Speed on PP5022 with 64kaache.m4a: 106.5 MHz (svn 130 MHz)
   aac-he-v08.patch (31.3 KiB)
 apps/codecs/libfaad/sbr_qmf.c   |  307 ++++++++++++++----------------------
 apps/codecs/libfaad/sbr_qmf_c.h |    2 
 apps/codecs/libfaad/sbr_dct.c   |  334 +++++-----------------------------------
 3 files changed, 167 insertions(+), 476 deletions(-)

Comment by Andree Buschmann (Buschel) - Wednesday, 07 July 2010, 22:25 GMT+2
v08: MCF5249 64kaache.m4a 289.47MHz (svn 367.95MHz)
Comment by Andree Buschmann (Buschel) - Wednesday, 07 July 2010, 23:58 GMT+2
v10:
- changes dct to "in-place".
- several arrays could be removed based on the "in-place" dct
- shifts were moved to the final output to reduce amount of shifts

Speed on PP5022 with 64kaache.m4a: 106.1 MHz (svn 130 MHz)
   aac-he-v10.patch (33.3 KiB)
 apps/codecs/libfaad/sbr_qmf.c   |  352 +++++++++++++++-------------------------
 apps/codecs/libfaad/sbr_qmf_c.h |    2 
 apps/codecs/libfaad/sbr_dct.c   |  342 +++++---------------------------------
 apps/codecs/libfaad/sbr_dct.h   |    2 
 4 files changed, 184 insertions(+), 514 deletions(-)

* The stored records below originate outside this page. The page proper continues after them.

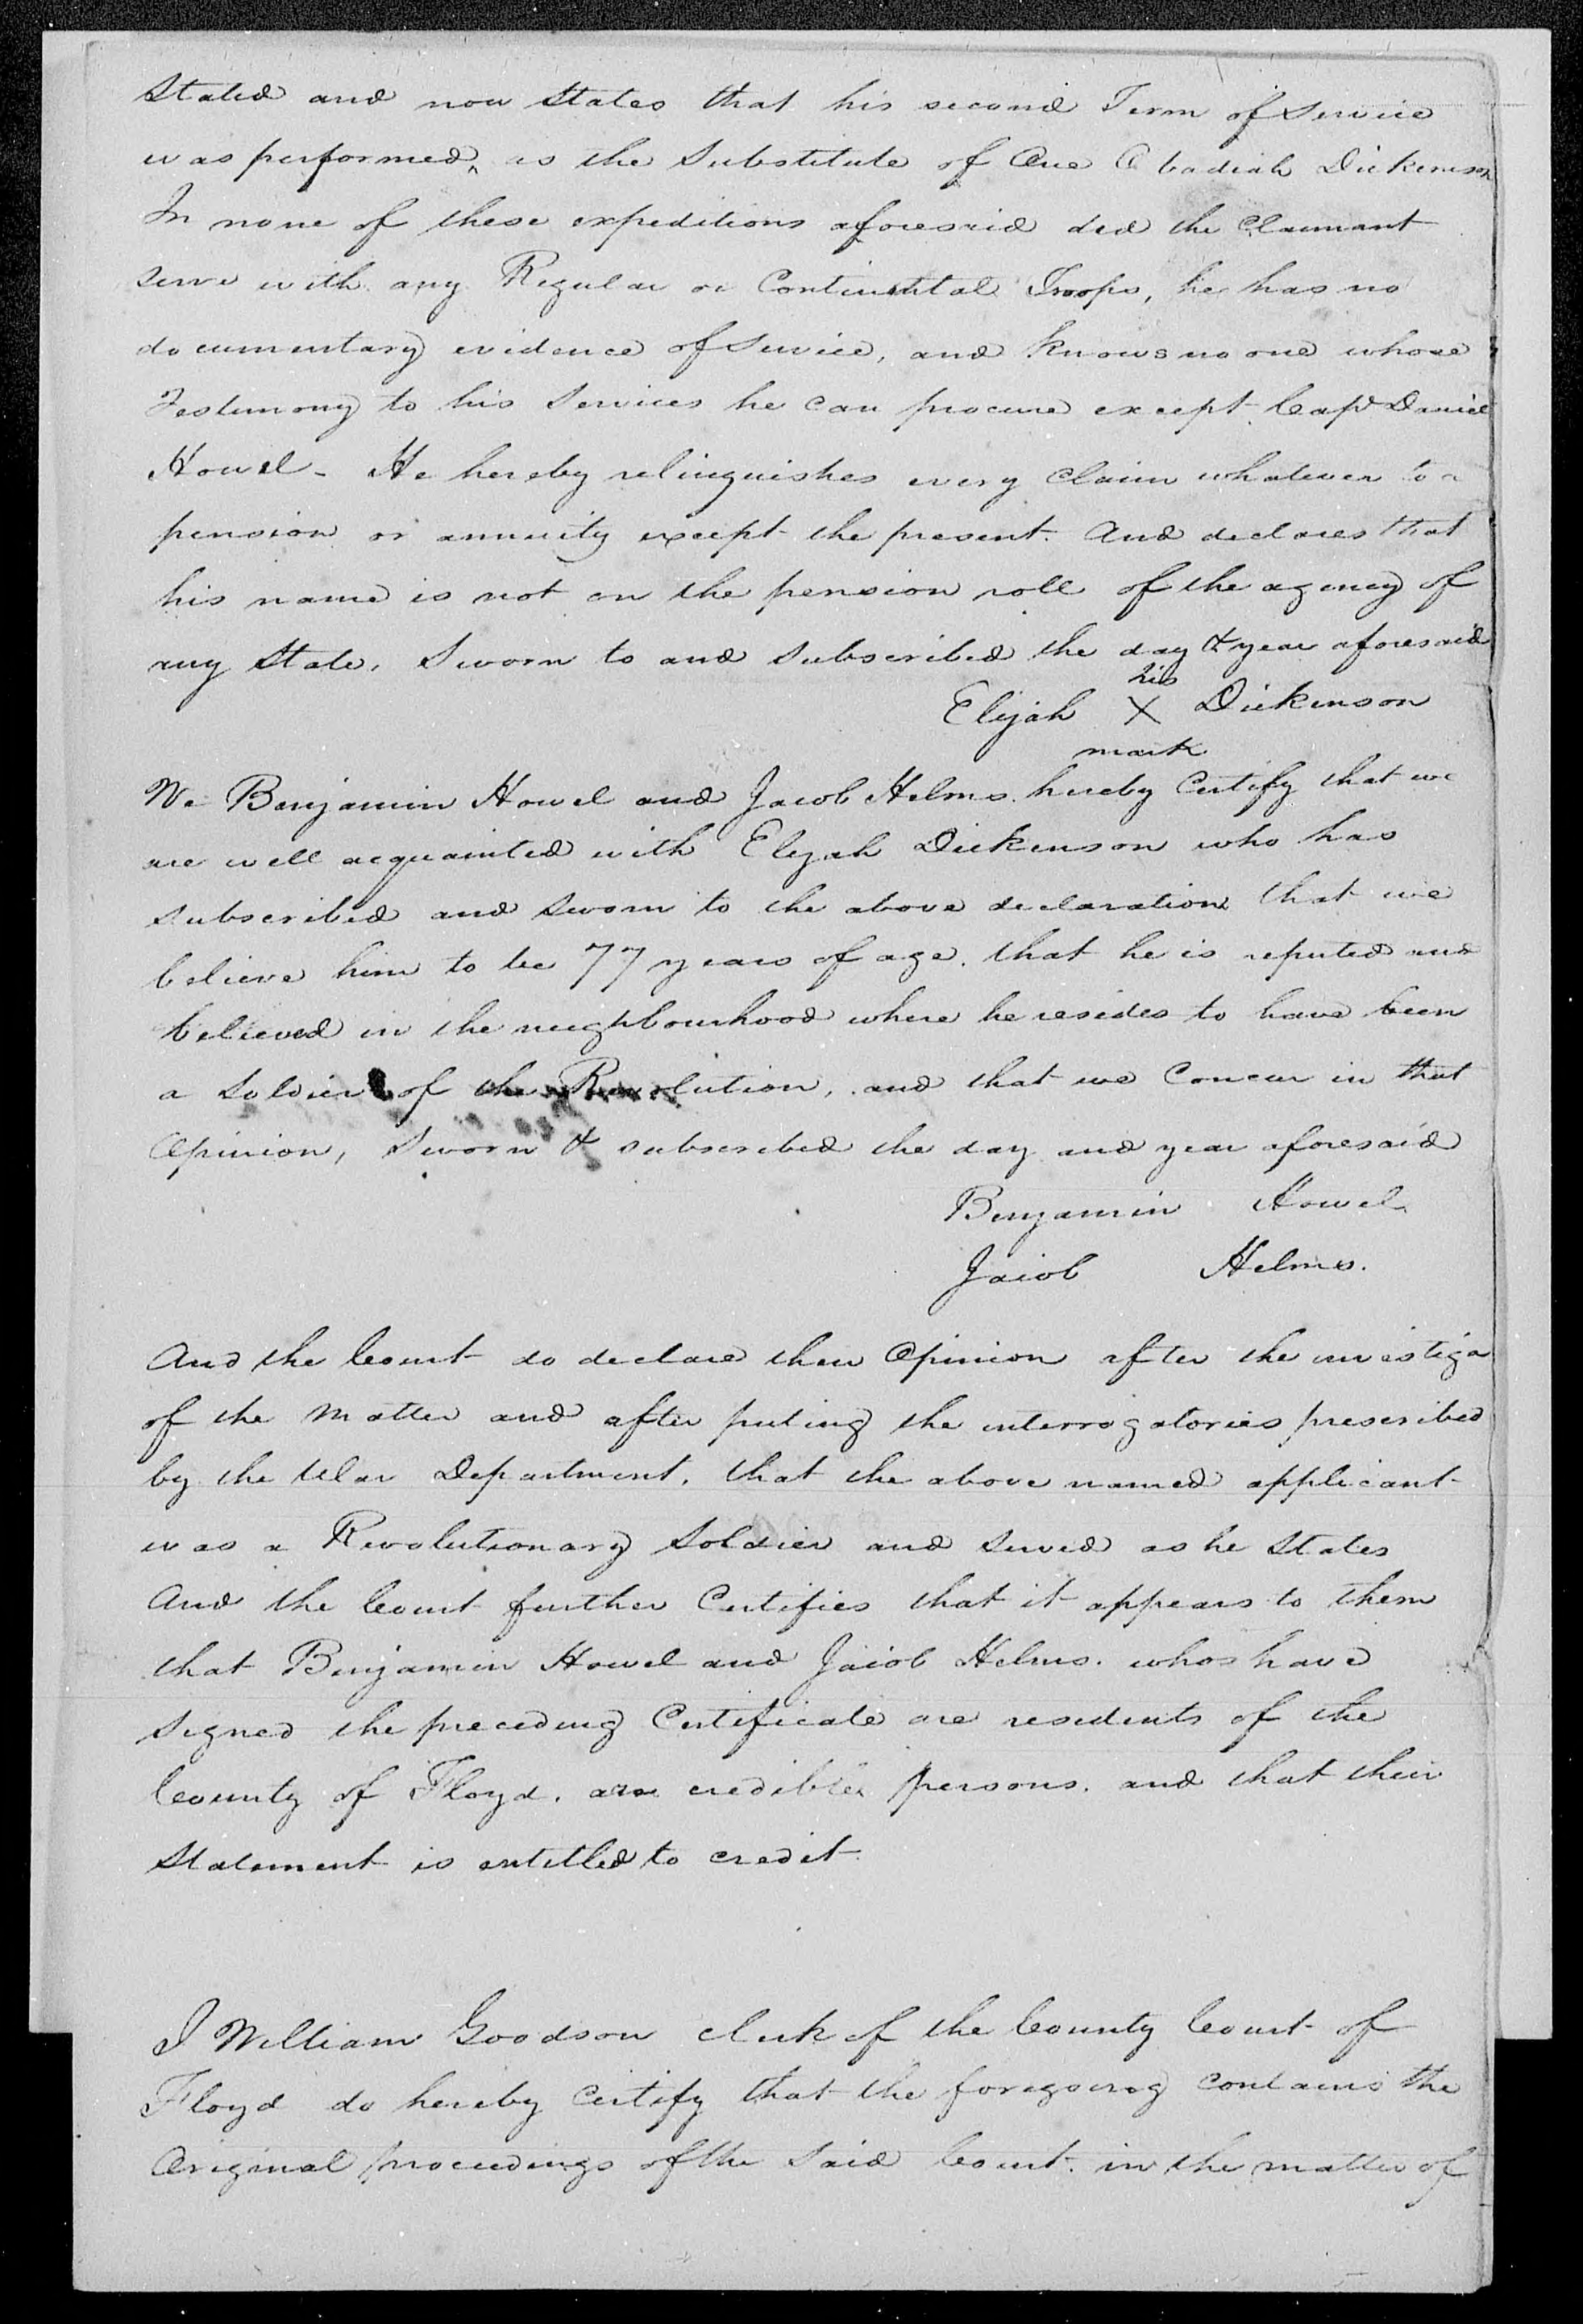stated and now states that his second Term of service was performed as the substitute of One Obadiah Dickenson. In none of these expeditions aforesaid did the Claimant serve with any Regular or Continental Troops, he has no documentary evidence of Service, and knows no one whose Testimony to his services he can procure except Capt Daniel Howell. He hereby relinquishes every claim whatever to a pension or annuity except the present. And declares that his name is not on the pension roll of the agency of any State, Sworn to and Subscribed the day & year aforesaid
Elijah Dickenson
x his mark

We Benjamin Jowel and Jacob Holms hereby Certify that we are well acquainted with Elijah Dickinson who has subscribed and sworn to the above declaration that we believe him to be 77 years of age, that he is reputed and believed in the neighbourhood where he resides to have been a Soldier of the Revolution, and that we Concur in that Opinion, Sworn & Subscribed the day and year aforesaid
Benjamin Howel
Jacob Helms.
And the Court do declare their Opinion after the investigation of the matter and after putting the interrogatories prescribed by the War Department, that the above named applicant was a Revolutionary Soldier and served as he states
And the Court further Certifies that it appears to them that Benjamin Howel and Jacob Helms who have signed the preceding Certificate are residents of the County of Floyd, are credible persons, and that their statement is entitled to credit.

I William Goodson Clerk of the County Court of Floyd do hereby Certify that the foregoing contains the Original proceedings of the Said Court in the matter of

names: Benjamin Howel, Benjamin Howel, Benjamin Howel, Elijah Dickenson, Jacob Helms, Jacob Helms, Daniel Howel, Obadiah Dickenson, Elijah Dickenson, William Goodson, Jacob Helms
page: 5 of 12
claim: survivor's
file: S. 6796, Elijah Dickenson, Va.

Comment by Andree Buschmann (Buschel) - Thursday, 08 July 2010, 08:26 GMT+2
Refacture loop in sbr_qmf_synthesis_64() before calling dct4_kernel(). Now this loop can be further optimized via ldm commands.

Speed on PP5022 with 64kaache.m4a: 106.0 MHz (svn 130 MHz)
   aac-he-v11.patch (33 KiB)
 apps/codecs/libfaad/sbr_qmf.c   |  347 ++++++++++++++--------------------------
 apps/codecs/libfaad/sbr_qmf_c.h |    2 
 apps/codecs/libfaad/sbr_dct.c   |  342 +++++----------------------------------
 apps/codecs/libfaad/sbr_dct.h   |    2 
 4 files changed, 176 insertions(+), 517 deletions(-)

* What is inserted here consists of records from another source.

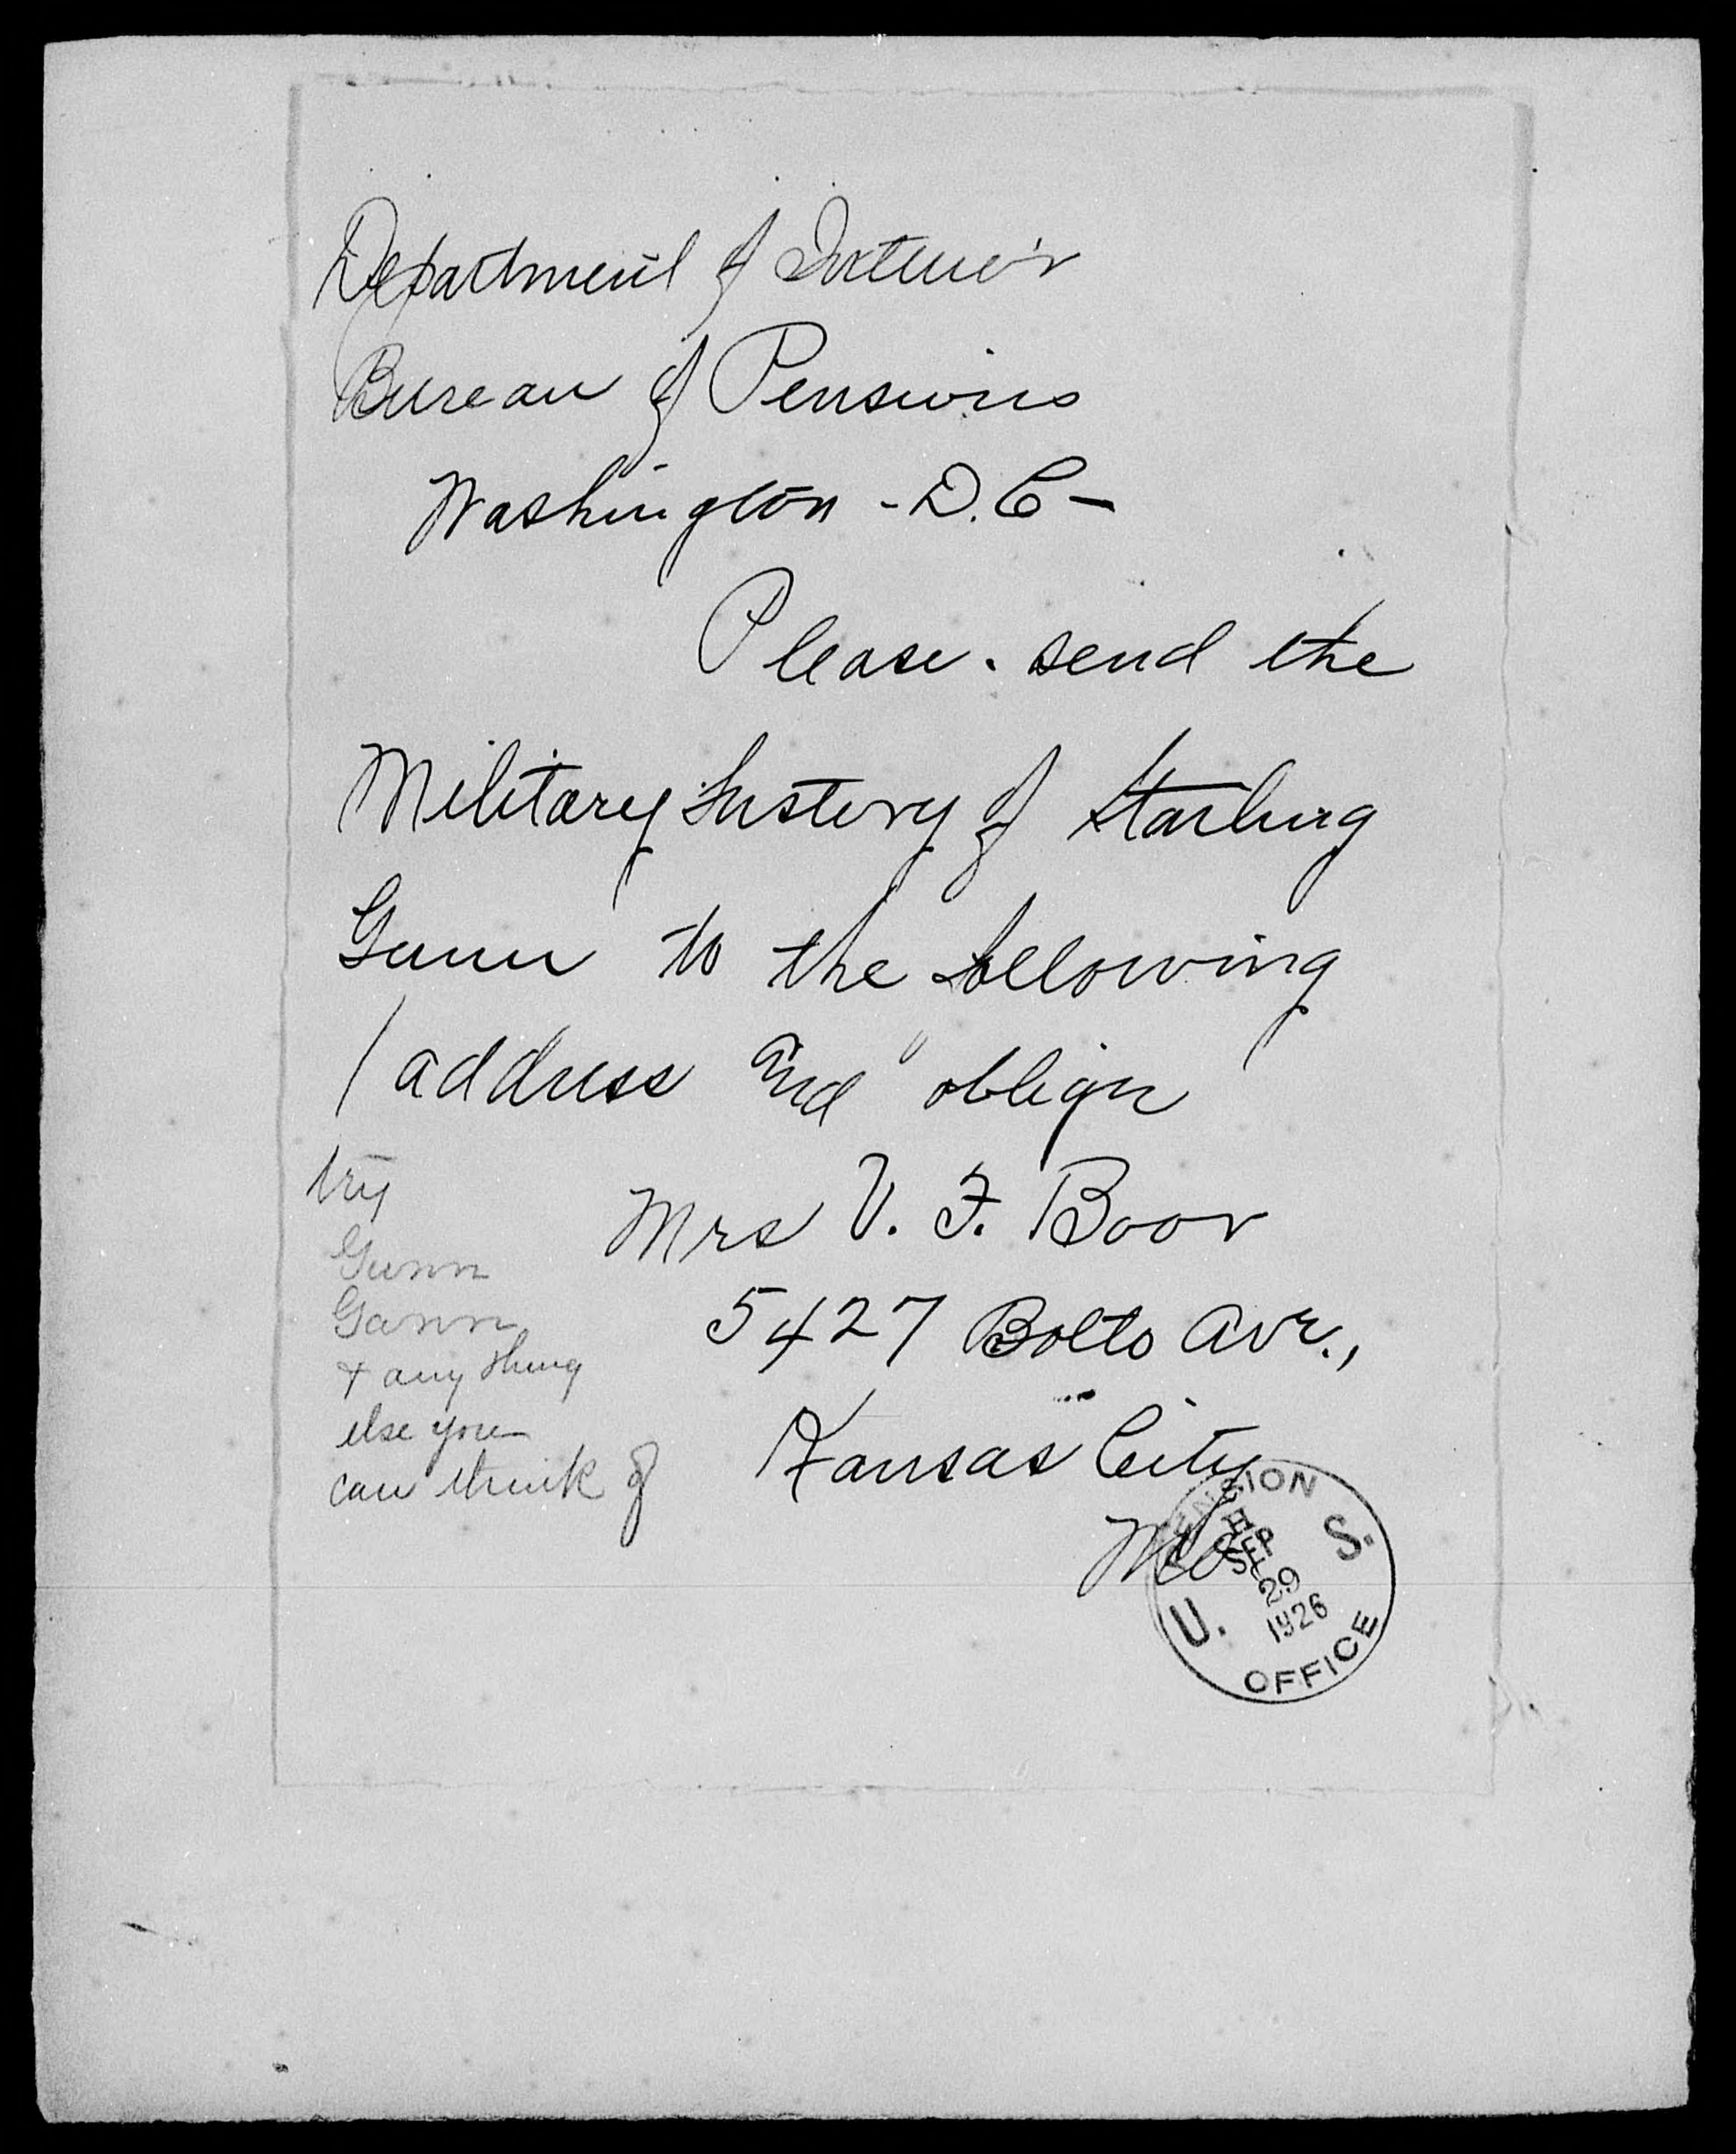Department of Interior  Bureau of Pensions  Washington, D.C.
Please. send the Military history of Starling Gunn to the following address and oblige 
Mrs V. F. Boor
5427 Bolto Ave.,
Kansas City, Mo.

[Margin note:]
Try Gunn Gann & any thing else you can think of

[Stamp:]
U.S. PENSION OFFICE
H  SEP 29 1926

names: V F Boor, Starling Gunn, Gunn, Gunn
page: 41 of 58
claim: survivor's
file: S. 6,941, Starling Gunn, Continental Va.

Comment by MichaelGiacomelli (saratoga) - Thursday, 08 July 2010, 17:30 GMT+2
Tested on my Clipv2 w/ 40MHz PCLK (basically then the same as a Fuzev2):

120.07 (SVN) -> 115.7 MHz (v11).

Its surprising that PP is faster. The improved multiplier, fast memory, and 64 bit wide L1 bus usually means that filterbanks are much faster on AMSv2. Mp3 for instance is something like 25% faster vs. PP.
Comment by MichaelGiacomelli (saratoga) - Thursday, 08 July 2010, 19:47 GMT+2
Some more benchmarks on the above clipv2 to see how much different functions used:

hf_generation -> 20.0 MHz
hf_adjustment -> 14.35 MHz

Also, I made a quick sketch of how the SBR stuff fits into LC because the libfaad code is so confusing:


reconstruct_channel_pair->
ifilter_bank ->
ff_imdct_calc
sbrDecodeInit

sbrDecodeCoupleFrame ->
sbr_process_channel ->
sbr_qmf_analysis_32
hf_generation (20.0 MHz) ->
calc_prediction_coef
hf_adjustment (14.35 MHz) ->
estimate_current_envelope
calculate_gain
hf_assembly

sbr_qmf_synthesis_32
Comment by Andree Buschmann (Buschel) - Thursday, 08 July 2010, 22:06 GMT+2
Results on h100: SVN = 33.28% realtime, 373 MHz needed -- with patch v11 = 41.14% realtime, 263 MHz needed
Comment by Andree Buschmann (Buschel) - Friday, 09 July 2010, 00:31 GMT+2
Defining own dct4_revtab[] (derived from codeclib) to be able to move this array to IRAM, refactored parts of sbr_qmf_analysis_32(), use LIKELY-macros in iquant() and finally some tweaking with IRAM configuration.

Speed on PP5022 with 64kaache.m4a: 104.8 MHz (svn 130 MHz)
Speed on MCF5249 with 64kaache.m4a: 242 MHz (svn 373 MHz)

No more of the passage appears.